Records for this task

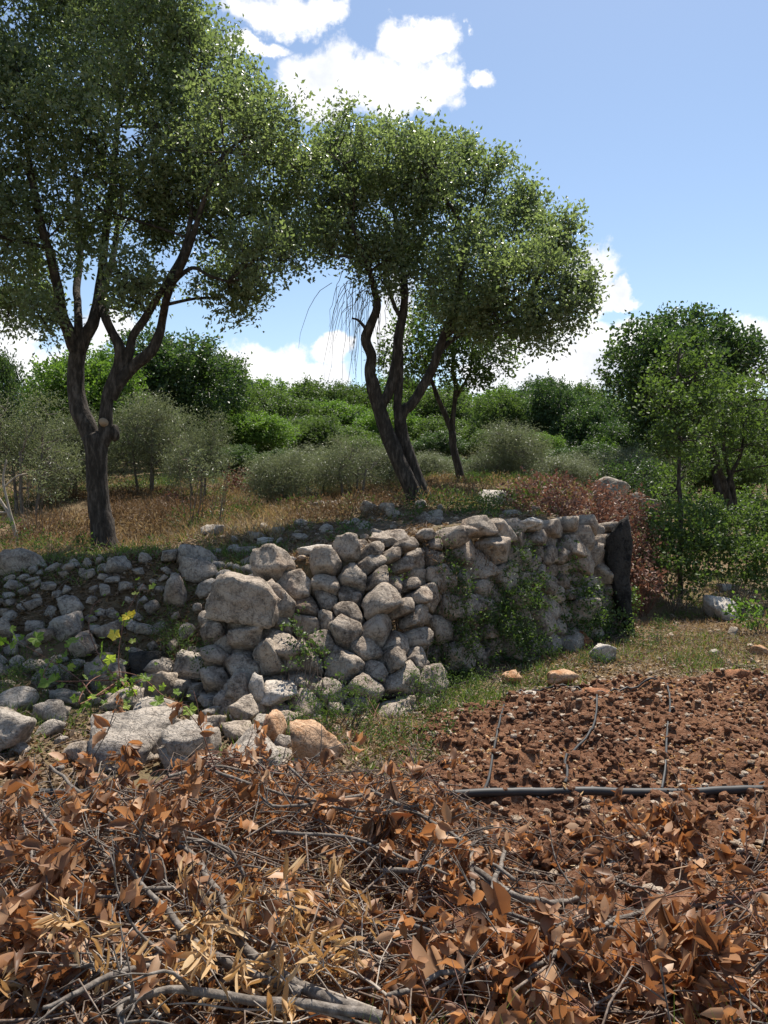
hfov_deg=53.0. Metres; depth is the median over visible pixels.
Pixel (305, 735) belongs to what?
boulder
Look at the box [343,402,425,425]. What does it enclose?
evergreen tree
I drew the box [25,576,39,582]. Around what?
stone
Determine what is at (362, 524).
stone
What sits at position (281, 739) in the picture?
stone
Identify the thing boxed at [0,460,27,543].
bare sapling
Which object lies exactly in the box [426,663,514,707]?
weed
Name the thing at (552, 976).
dry branch
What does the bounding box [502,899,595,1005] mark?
dry branch
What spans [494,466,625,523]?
shrub
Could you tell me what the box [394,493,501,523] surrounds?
weed
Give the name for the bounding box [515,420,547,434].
evergreen tree
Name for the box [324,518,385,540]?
weed
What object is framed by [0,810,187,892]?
dry branch
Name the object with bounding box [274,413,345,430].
evergreen tree
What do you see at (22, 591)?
stone
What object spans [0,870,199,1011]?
dry branch
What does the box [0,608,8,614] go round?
stone
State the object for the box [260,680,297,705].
rock
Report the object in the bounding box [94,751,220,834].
dry branch
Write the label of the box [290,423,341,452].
evergreen tree
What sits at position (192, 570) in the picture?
stone
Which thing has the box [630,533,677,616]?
dead branches
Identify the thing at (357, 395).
evergreen tree
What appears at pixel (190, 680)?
stone
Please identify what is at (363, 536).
stone
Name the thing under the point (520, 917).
dry branch
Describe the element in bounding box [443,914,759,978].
dry branch
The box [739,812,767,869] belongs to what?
dry branch
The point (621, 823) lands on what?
dry branch
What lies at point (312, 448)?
olive tree
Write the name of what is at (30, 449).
evergreen tree
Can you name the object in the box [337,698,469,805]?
dry branch
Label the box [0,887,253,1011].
dry branch
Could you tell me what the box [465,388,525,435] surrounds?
evergreen tree
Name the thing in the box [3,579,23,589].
stone
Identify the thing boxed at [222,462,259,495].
dead bush
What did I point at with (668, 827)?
dry branch
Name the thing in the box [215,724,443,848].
dry branch
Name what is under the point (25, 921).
dry branch
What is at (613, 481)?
boulder
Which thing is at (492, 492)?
rock
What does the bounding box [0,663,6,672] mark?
stone
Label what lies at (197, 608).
stone
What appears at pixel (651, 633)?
weed
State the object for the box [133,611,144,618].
stone
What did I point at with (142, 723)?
boulder
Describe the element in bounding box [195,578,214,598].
stone
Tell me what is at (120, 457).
evergreen tree
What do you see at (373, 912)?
dry branch
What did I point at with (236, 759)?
dry branch
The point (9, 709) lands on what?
stone
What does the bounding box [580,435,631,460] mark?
evergreen tree
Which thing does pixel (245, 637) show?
rock
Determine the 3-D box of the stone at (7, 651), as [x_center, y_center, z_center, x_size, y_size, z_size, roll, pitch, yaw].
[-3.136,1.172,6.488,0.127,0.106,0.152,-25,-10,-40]
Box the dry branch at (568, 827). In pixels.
[476,822,629,871]
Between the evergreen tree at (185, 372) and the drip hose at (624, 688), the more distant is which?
the evergreen tree at (185, 372)
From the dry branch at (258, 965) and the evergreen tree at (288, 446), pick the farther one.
the evergreen tree at (288, 446)
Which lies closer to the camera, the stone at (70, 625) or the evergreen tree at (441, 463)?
the stone at (70, 625)
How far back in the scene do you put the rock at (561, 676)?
6.58 m
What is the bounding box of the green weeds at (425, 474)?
[0,468,593,543]
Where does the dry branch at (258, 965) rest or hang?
on the dry leaves
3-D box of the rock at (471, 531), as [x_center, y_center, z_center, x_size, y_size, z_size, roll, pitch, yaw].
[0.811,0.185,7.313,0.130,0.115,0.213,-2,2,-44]
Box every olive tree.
[0,381,85,515]
[32,402,117,498]
[96,383,201,494]
[155,403,244,495]
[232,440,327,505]
[274,437,361,496]
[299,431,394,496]
[344,443,423,488]
[416,449,455,477]
[453,452,501,476]
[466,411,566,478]
[529,453,609,484]
[562,447,617,488]
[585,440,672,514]
[640,447,694,522]
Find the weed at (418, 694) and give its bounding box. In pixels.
[386,657,453,718]
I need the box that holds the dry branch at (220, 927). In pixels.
[152,855,319,1005]
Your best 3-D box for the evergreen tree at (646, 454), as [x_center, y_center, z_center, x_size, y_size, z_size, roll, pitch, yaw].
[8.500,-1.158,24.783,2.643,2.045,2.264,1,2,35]
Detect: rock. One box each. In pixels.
[49,688,84,706]
[65,706,71,718]
[129,650,165,674]
[139,671,178,697]
[173,649,202,680]
[187,682,203,694]
[193,753,217,775]
[197,693,214,708]
[200,524,224,534]
[207,715,226,730]
[225,672,249,700]
[227,625,262,650]
[228,694,258,719]
[232,546,255,552]
[248,672,264,703]
[252,638,287,676]
[257,537,272,545]
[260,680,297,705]
[263,709,287,742]
[281,710,302,723]
[292,533,307,539]
[297,544,332,555]
[310,500,337,508]
[358,539,367,547]
[369,532,396,546]
[462,525,478,536]
[477,490,515,504]
[491,520,503,530]
[502,670,521,683]
[520,517,542,528]
[547,669,578,683]
[579,630,592,647]
[580,687,609,695]
[589,643,616,660]
[629,492,644,501]
[636,498,672,509]
[702,595,736,620]
[716,583,731,591]
[725,669,750,679]
[747,645,767,654]
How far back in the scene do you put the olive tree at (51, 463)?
13.50 m
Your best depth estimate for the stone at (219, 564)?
7.51 m
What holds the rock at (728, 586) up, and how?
on the ground at (148, 772)
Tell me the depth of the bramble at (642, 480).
16.99 m
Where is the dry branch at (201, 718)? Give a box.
[52,693,233,828]
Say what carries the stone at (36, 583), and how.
on the ground at (148, 772)
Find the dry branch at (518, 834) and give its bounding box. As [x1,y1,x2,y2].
[383,794,530,922]
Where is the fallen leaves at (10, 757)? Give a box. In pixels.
[0,520,473,848]
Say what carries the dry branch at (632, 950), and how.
on the ploughed soil
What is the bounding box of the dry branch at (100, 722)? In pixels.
[49,696,187,921]
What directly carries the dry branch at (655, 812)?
on the ground at (148, 772)
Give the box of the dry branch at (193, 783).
[91,754,368,914]
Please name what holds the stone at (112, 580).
on the ground at (148, 772)
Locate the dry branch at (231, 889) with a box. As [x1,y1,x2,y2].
[143,837,256,918]
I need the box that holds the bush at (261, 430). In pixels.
[212,405,303,453]
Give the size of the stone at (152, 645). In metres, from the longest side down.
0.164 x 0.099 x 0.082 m
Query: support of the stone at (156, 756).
on the ground at (148, 772)
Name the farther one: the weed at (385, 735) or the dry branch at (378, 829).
the weed at (385, 735)
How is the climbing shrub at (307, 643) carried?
attached to the dry stone wall
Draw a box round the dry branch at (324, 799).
[243,759,422,875]
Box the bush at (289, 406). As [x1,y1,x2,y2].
[252,390,347,427]
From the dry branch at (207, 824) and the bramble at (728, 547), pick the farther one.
the bramble at (728, 547)
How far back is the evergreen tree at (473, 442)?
29.72 m
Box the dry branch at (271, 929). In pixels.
[68,829,333,1023]
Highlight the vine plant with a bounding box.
[0,577,196,714]
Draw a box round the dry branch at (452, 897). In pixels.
[404,853,466,918]
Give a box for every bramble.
[592,454,683,516]
[631,492,734,613]
[647,473,767,570]
[680,494,767,607]
[722,590,767,635]
[735,492,767,609]
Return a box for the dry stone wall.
[198,514,622,718]
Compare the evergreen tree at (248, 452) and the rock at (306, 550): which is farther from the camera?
the evergreen tree at (248, 452)
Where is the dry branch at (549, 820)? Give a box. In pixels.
[525,815,617,850]
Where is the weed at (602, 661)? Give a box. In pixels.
[579,644,627,668]
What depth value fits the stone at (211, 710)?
5.65 m
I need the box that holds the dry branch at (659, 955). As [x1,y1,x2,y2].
[626,897,767,1023]
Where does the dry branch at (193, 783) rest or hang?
on the dry leaves
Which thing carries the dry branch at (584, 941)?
on the dry leaves
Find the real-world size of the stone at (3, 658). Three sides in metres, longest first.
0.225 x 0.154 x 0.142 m
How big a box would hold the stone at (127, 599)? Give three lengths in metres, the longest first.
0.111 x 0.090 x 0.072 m
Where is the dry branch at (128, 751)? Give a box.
[105,737,144,816]
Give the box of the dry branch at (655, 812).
[639,761,709,872]
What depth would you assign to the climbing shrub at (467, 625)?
7.06 m
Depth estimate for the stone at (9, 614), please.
6.83 m
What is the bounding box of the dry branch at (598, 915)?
[560,878,735,1017]
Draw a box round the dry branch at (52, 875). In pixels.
[14,835,216,935]
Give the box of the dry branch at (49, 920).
[0,888,215,1023]
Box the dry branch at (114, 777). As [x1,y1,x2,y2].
[0,753,129,813]
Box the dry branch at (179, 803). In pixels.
[18,795,260,891]
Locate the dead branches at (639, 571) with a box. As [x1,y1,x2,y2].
[569,493,669,617]
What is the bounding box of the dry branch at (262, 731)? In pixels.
[154,713,269,795]
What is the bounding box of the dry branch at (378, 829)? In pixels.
[349,780,442,899]
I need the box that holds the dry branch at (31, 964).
[5,917,187,1015]
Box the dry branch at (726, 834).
[591,818,750,873]
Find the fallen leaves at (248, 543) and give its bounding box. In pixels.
[0,496,635,649]
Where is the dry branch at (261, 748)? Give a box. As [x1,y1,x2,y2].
[208,736,366,794]
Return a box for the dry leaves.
[0,758,767,1023]
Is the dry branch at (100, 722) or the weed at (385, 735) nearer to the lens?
the dry branch at (100, 722)
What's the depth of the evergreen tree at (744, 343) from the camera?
20.32 m
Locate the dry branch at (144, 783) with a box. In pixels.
[44,766,203,940]
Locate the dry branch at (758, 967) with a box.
[751,955,767,975]
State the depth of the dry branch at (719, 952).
2.24 m
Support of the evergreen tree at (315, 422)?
on the ground at (148, 772)
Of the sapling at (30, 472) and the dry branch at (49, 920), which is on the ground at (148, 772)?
the sapling at (30, 472)
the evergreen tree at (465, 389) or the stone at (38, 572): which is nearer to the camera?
the stone at (38, 572)
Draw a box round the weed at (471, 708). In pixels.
[387,692,488,760]
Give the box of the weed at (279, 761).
[242,753,293,777]
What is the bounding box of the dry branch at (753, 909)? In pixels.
[730,890,767,1023]
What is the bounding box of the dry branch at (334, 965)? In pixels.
[196,919,399,1023]
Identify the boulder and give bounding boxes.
[0,709,36,751]
[88,706,176,770]
[161,719,214,757]
[204,571,280,628]
[219,724,283,777]
[289,719,343,764]
[593,477,629,504]
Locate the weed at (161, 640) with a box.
[143,612,195,659]
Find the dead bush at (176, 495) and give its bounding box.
[158,487,192,504]
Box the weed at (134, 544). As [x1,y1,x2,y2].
[103,536,170,551]
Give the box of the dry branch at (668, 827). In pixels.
[599,821,674,904]
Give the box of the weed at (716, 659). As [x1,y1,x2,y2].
[666,647,724,668]
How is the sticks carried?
on the ground at (148, 772)
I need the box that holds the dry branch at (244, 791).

Task details
After locating the line with "Please identify what is at (363, 536)." in the material above, return it and each line after it exactly, ending at the line with "Determine the 3-D".

Written answer
Please identify what is at (363, 536).
stone
Name the thing under the point (520, 917).
dry branch
Describe the element in bounding box [443,914,759,978].
dry branch
The box [739,812,767,869] belongs to what?
dry branch
The point (621, 823) lands on what?
dry branch
What lies at point (312, 448)?
olive tree
Write the name of what is at (30, 449).
evergreen tree
Can you name the object in the box [337,698,469,805]?
dry branch
Label the box [0,887,253,1011].
dry branch
Could you tell me what the box [465,388,525,435] surrounds?
evergreen tree
Name the thing in the box [3,579,23,589].
stone
Identify the thing boxed at [222,462,259,495].
dead bush
What did I point at with (668, 827)?
dry branch
Name the thing in the box [215,724,443,848].
dry branch
Name what is under the point (25, 921).
dry branch
What is at (613, 481)?
boulder
Which thing is at (492, 492)?
rock
What does the bounding box [0,663,6,672] mark?
stone
Label what lies at (197, 608).
stone
What appears at pixel (651, 633)?
weed
State the object for the box [133,611,144,618].
stone
What did I point at with (142, 723)?
boulder
Describe the element in bounding box [195,578,214,598].
stone
Tell me what is at (120, 457).
evergreen tree
What do you see at (373, 912)?
dry branch
What did I point at with (236, 759)?
dry branch
The point (9, 709) lands on what?
stone
What does the bounding box [580,435,631,460] mark?
evergreen tree
Which thing does pixel (245, 637) show?
rock
Determine the 3-D box of the stone at (7, 651), as [x_center, y_center, z_center, x_size, y_size, z_size, roll, pitch, yaw].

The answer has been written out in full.